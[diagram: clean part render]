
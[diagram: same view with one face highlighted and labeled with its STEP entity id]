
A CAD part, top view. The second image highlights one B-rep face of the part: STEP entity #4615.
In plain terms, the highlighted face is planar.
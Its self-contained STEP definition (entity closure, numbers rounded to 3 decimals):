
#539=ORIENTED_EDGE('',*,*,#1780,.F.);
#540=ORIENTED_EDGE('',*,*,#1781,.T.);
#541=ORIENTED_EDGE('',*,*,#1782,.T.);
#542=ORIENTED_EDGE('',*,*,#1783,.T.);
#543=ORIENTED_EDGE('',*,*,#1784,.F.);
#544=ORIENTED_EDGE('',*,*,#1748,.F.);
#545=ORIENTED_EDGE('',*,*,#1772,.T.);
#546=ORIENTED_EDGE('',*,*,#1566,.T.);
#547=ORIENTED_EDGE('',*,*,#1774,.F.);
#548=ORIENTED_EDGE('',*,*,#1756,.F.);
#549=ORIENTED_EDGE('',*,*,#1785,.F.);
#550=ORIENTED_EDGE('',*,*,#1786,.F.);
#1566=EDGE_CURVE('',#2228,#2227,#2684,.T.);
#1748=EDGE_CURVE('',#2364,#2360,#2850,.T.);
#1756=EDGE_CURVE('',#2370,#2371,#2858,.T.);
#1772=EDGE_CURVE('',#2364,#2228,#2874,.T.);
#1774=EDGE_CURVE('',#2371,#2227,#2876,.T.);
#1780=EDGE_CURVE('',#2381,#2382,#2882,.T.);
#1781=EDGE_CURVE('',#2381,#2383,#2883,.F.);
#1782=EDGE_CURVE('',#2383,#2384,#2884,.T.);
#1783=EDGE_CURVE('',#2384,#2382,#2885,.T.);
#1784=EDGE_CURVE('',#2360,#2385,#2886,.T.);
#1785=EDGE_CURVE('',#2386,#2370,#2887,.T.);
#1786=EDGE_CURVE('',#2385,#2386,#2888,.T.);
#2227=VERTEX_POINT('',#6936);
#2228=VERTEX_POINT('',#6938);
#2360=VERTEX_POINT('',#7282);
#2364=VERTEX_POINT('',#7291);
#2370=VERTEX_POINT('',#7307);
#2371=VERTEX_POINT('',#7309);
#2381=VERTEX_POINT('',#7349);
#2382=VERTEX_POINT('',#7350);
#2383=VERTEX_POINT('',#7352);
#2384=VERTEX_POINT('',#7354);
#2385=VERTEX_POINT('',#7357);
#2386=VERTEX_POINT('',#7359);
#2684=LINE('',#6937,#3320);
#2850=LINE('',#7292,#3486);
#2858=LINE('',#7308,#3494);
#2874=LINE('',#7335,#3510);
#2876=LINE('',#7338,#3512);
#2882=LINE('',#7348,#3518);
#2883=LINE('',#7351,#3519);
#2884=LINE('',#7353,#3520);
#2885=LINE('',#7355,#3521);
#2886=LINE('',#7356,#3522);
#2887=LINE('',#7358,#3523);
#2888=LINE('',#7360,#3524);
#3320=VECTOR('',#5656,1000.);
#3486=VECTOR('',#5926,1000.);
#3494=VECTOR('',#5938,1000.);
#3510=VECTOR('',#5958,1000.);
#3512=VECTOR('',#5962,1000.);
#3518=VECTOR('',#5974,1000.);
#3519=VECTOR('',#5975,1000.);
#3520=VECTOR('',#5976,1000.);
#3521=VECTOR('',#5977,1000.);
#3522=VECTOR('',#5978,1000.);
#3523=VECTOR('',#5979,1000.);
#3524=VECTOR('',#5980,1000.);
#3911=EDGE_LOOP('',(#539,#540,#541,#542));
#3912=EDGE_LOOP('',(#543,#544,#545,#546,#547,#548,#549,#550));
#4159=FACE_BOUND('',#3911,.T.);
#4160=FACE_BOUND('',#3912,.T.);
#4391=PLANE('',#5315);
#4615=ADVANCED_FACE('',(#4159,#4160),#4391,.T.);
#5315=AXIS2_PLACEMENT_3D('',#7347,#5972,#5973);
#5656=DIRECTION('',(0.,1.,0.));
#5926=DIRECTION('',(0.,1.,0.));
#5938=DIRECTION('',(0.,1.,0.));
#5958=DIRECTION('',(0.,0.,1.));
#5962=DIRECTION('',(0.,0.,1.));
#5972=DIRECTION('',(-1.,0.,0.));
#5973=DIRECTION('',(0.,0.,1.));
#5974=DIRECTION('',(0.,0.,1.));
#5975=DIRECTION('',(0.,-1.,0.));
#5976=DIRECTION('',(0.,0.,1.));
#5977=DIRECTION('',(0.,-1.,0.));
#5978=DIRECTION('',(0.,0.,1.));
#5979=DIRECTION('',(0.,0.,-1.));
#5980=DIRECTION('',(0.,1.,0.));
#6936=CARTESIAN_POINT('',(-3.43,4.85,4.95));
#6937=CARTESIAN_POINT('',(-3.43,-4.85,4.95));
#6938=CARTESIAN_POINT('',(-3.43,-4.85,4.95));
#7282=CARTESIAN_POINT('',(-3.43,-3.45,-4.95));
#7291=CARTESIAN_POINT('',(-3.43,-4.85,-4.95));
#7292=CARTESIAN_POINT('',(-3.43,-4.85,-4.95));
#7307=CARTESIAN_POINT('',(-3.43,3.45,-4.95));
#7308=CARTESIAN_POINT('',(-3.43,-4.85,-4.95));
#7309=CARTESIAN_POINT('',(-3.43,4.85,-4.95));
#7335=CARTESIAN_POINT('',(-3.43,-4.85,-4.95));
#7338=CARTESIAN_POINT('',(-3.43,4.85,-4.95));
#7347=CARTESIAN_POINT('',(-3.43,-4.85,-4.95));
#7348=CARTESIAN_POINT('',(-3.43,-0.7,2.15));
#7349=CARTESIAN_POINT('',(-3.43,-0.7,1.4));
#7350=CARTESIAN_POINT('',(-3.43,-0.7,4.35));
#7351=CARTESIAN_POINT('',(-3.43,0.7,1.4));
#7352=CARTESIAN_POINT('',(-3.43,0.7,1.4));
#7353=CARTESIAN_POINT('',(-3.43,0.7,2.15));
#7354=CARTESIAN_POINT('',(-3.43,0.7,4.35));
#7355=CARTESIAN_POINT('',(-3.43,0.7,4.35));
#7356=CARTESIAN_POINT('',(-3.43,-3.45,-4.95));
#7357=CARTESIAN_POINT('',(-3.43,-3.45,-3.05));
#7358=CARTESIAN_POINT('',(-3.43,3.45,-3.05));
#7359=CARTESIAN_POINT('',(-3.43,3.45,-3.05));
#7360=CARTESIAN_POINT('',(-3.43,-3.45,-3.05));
+++++
## Assigned task
Word-for-word copies of all the records are required.

## Task solution
[diagram: clean part render]
[diagram: same view with one face highlighted and labeled with its STEP entity id]
A CAD part, top view. The second image highlights one B-rep face of the part: STEP entity #4615.
In plain terms, the highlighted face is planar.
Its self-contained STEP definition (entity closure, numbers rounded to 3 decimals):
#539=ORIENTED_EDGE('',*,*,#1780,.F.);
#540=ORIENTED_EDGE('',*,*,#1781,.T.);
#541=ORIENTED_EDGE('',*,*,#1782,.T.);
#542=ORIENTED_EDGE('',*,*,#1783,.T.);
#543=ORIENTED_EDGE('',*,*,#1784,.F.);
#544=ORIENTED_EDGE('',*,*,#1748,.F.);
#545=ORIENTED_EDGE('',*,*,#1772,.T.);
#546=ORIENTED_EDGE('',*,*,#1566,.T.);
#547=ORIENTED_EDGE('',*,*,#1774,.F.);
#548=ORIENTED_EDGE('',*,*,#1756,.F.);
#549=ORIENTED_EDGE('',*,*,#1785,.F.);
#550=ORIENTED_EDGE('',*,*,#1786,.F.);
#1566=EDGE_CURVE('',#2228,#2227,#2684,.T.);
#1748=EDGE_CURVE('',#2364,#2360,#2850,.T.);
#1756=EDGE_CURVE('',#2370,#2371,#2858,.T.);
#1772=EDGE_CURVE('',#2364,#2228,#2874,.T.);
#1774=EDGE_CURVE('',#2371,#2227,#2876,.T.);
#1780=EDGE_CURVE('',#2381,#2382,#2882,.T.);
#1781=EDGE_CURVE('',#2381,#2383,#2883,.F.);
#1782=EDGE_CURVE('',#2383,#2384,#2884,.T.);
#1783=EDGE_CURVE('',#2384,#2382,#2885,.T.);
#1784=EDGE_CURVE('',#2360,#2385,#2886,.T.);
#1785=EDGE_CURVE('',#2386,#2370,#2887,.T.);
#1786=EDGE_CURVE('',#2385,#2386,#2888,.T.);
#2227=VERTEX_POINT('',#6936);
#2228=VERTEX_POINT('',#6938);
#2360=VERTEX_POINT('',#7282);
#2364=VERTEX_POINT('',#7291);
#2370=VERTEX_POINT('',#7307);
#2371=VERTEX_POINT('',#7309);
#2381=VERTEX_POINT('',#7349);
#2382=VERTEX_POINT('',#7350);
#2383=VERTEX_POINT('',#7352);
#2384=VERTEX_POINT('',#7354);
#2385=VERTEX_POINT('',#7357);
#2386=VERTEX_POINT('',#7359);
#2684=LINE('',#6937,#3320);
#2850=LINE('',#7292,#3486);
#2858=LINE('',#7308,#3494);
#2874=LINE('',#7335,#3510);
#2876=LINE('',#7338,#3512);
#2882=LINE('',#7348,#3518);
#2883=LINE('',#7351,#3519);
#2884=LINE('',#7353,#3520);
#2885=LINE('',#7355,#3521);
#2886=LINE('',#7356,#3522);
#2887=LINE('',#7358,#3523);
#2888=LINE('',#7360,#3524);
#3320=VECTOR('',#5656,1000.);
#3486=VECTOR('',#5926,1000.);
#3494=VECTOR('',#5938,1000.);
#3510=VECTOR('',#5958,1000.);
#3512=VECTOR('',#5962,1000.);
#3518=VECTOR('',#5974,1000.);
#3519=VECTOR('',#5975,1000.);
#3520=VECTOR('',#5976,1000.);
#3521=VECTOR('',#5977,1000.);
#3522=VECTOR('',#5978,1000.);
#3523=VECTOR('',#5979,1000.);
#3524=VECTOR('',#5980,1000.);
#3911=EDGE_LOOP('',(#539,#540,#541,#542));
#3912=EDGE_LOOP('',(#543,#544,#545,#546,#547,#548,#549,#550));
#4159=FACE_BOUND('',#3911,.T.);
#4160=FACE_BOUND('',#3912,.T.);
#4391=PLANE('',#5315);
#4615=ADVANCED_FACE('',(#4159,#4160),#4391,.T.);
#5315=AXIS2_PLACEMENT_3D('',#7347,#5972,#5973);
#5656=DIRECTION('',(0.,1.,0.));
#5926=DIRECTION('',(0.,1.,0.));
#5938=DIRECTION('',(0.,1.,0.));
#5958=DIRECTION('',(0.,0.,1.));
#5962=DIRECTION('',(0.,0.,1.));
#5972=DIRECTION('',(-1.,0.,0.));
#5973=DIRECTION('',(0.,0.,1.));
#5974=DIRECTION('',(0.,0.,1.));
#5975=DIRECTION('',(0.,-1.,0.));
#5976=DIRECTION('',(0.,0.,1.));
#5977=DIRECTION('',(0.,-1.,0.));
#5978=DIRECTION('',(0.,0.,1.));
#5979=DIRECTION('',(0.,0.,-1.));
#5980=DIRECTION('',(0.,1.,0.));
#6936=CARTESIAN_POINT('',(-3.43,4.85,4.95));
#6937=CARTESIAN_POINT('',(-3.43,-4.85,4.95));
#6938=CARTESIAN_POINT('',(-3.43,-4.85,4.95));
#7282=CARTESIAN_POINT('',(-3.43,-3.45,-4.95));
#7291=CARTESIAN_POINT('',(-3.43,-4.85,-4.95));
#7292=CARTESIAN_POINT('',(-3.43,-4.85,-4.95));
#7307=CARTESIAN_POINT('',(-3.43,3.45,-4.95));
#7308=CARTESIAN_POINT('',(-3.43,-4.85,-4.95));
#7309=CARTESIAN_POINT('',(-3.43,4.85,-4.95));
#7335=CARTESIAN_POINT('',(-3.43,-4.85,-4.95));
#7338=CARTESIAN_POINT('',(-3.43,4.85,-4.95));
#7347=CARTESIAN_POINT('',(-3.43,-4.85,-4.95));
#7348=CARTESIAN_POINT('',(-3.43,-0.7,2.15));
#7349=CARTESIAN_POINT('',(-3.43,-0.7,1.4));
#7350=CARTESIAN_POINT('',(-3.43,-0.7,4.35));
#7351=CARTESIAN_POINT('',(-3.43,0.7,1.4));
#7352=CARTESIAN_POINT('',(-3.43,0.7,1.4));
#7353=CARTESIAN_POINT('',(-3.43,0.7,2.15));
#7354=CARTESIAN_POINT('',(-3.43,0.7,4.35));
#7355=CARTESIAN_POINT('',(-3.43,0.7,4.35));
#7356=CARTESIAN_POINT('',(-3.43,-3.45,-4.95));
#7357=CARTESIAN_POINT('',(-3.43,-3.45,-3.05));
#7358=CARTESIAN_POINT('',(-3.43,3.45,-3.05));
#7359=CARTESIAN_POINT('',(-3.43,3.45,-3.05));
#7360=CARTESIAN_POINT('',(-3.43,-3.45,-3.05));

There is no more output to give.